REQUIREMENT: Your reply is to be the lines below, exactly as written, with images omitted.

[Dataset excerpts]

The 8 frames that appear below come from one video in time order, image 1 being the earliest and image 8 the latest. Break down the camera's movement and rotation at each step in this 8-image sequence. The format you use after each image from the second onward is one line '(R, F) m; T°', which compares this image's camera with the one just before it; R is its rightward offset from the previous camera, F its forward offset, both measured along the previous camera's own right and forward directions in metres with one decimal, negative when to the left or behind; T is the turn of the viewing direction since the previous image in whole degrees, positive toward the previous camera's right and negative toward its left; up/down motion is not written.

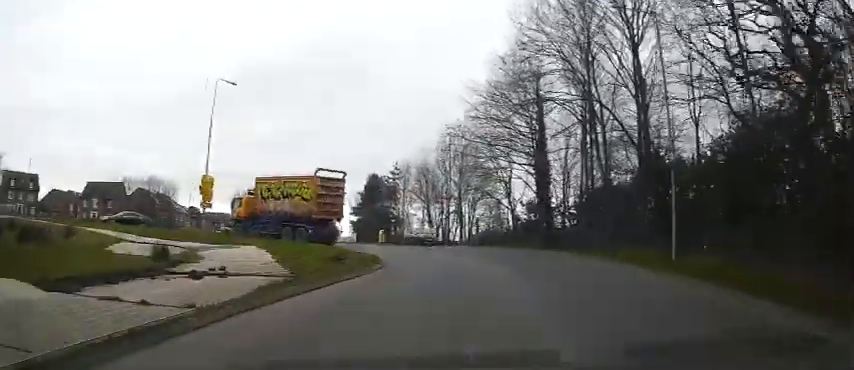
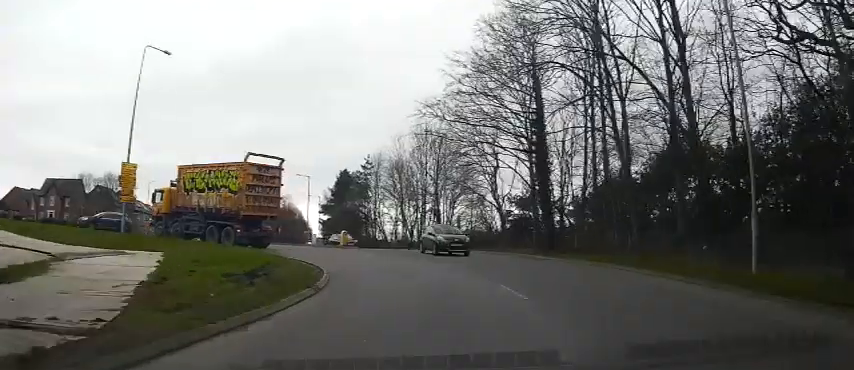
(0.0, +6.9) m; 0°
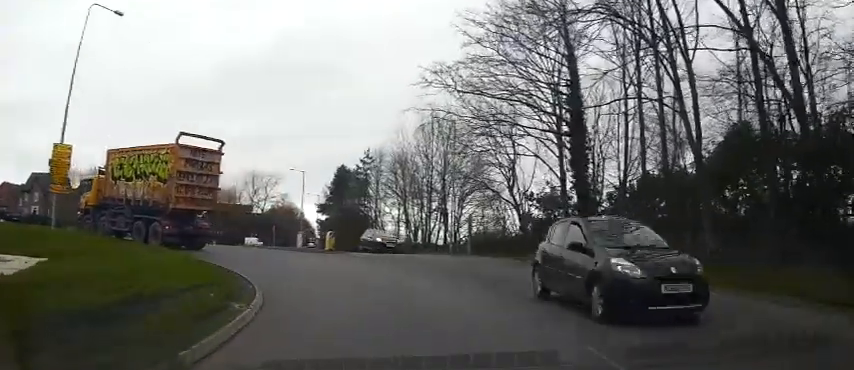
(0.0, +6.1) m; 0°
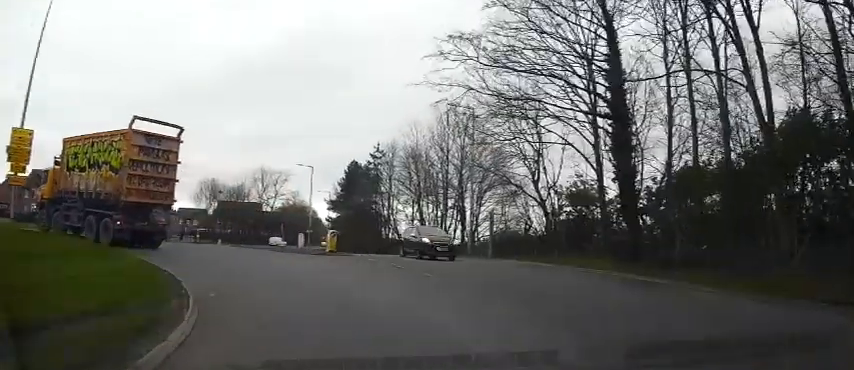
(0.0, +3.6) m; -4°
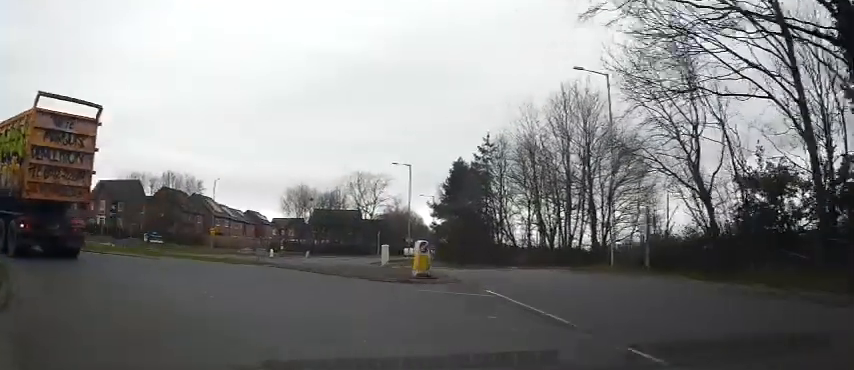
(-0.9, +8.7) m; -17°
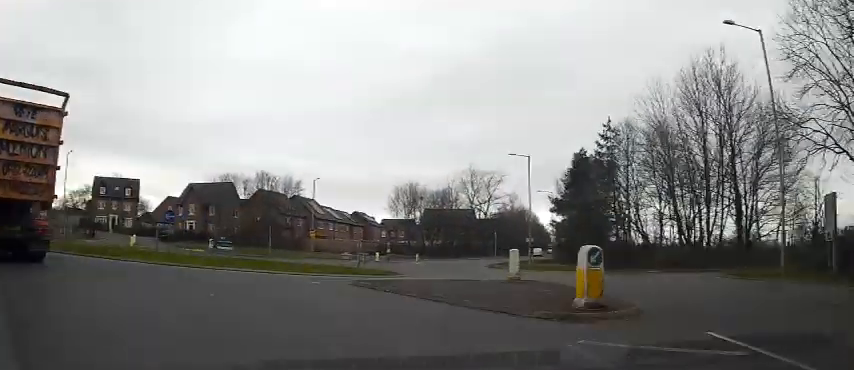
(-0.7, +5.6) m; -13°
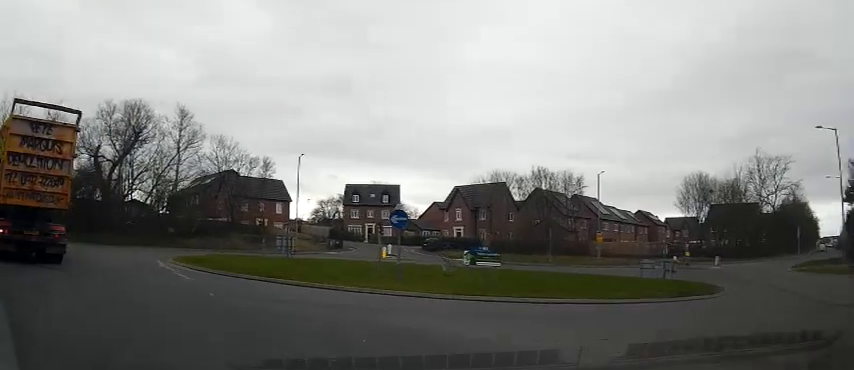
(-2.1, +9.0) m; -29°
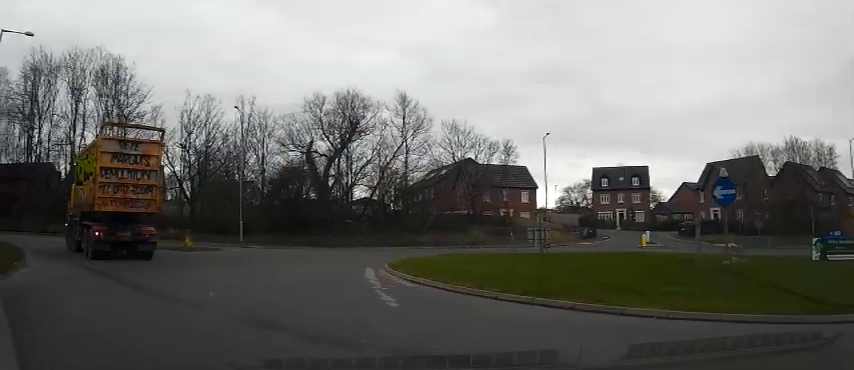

SOLVED PROBLEM:
The 8 frames that appear below come from one video in time order, image 1 being the earliest and image 8 the latest. Break down the camera's movement and rotation at each step in this 8-image sequence. The format you use after each image from the second onward is one line '(R, F) m; T°', which compares this image's camera with the one just before it; R is its rightward offset from the previous camera, F its forward offset, both measured along the previous camera's own right and forward directions in metres with one decimal, negative when to the left or behind; T is the turn of the viewing direction since the previous image in whole degrees, positive toward the previous camera's right and negative toward its left; up/down motion is not written.

(0.0, +6.9) m; 0°
(0.0, +6.1) m; 0°
(0.0, +3.6) m; -4°
(-0.9, +8.7) m; -17°
(-0.7, +5.6) m; -13°
(-2.1, +9.0) m; -29°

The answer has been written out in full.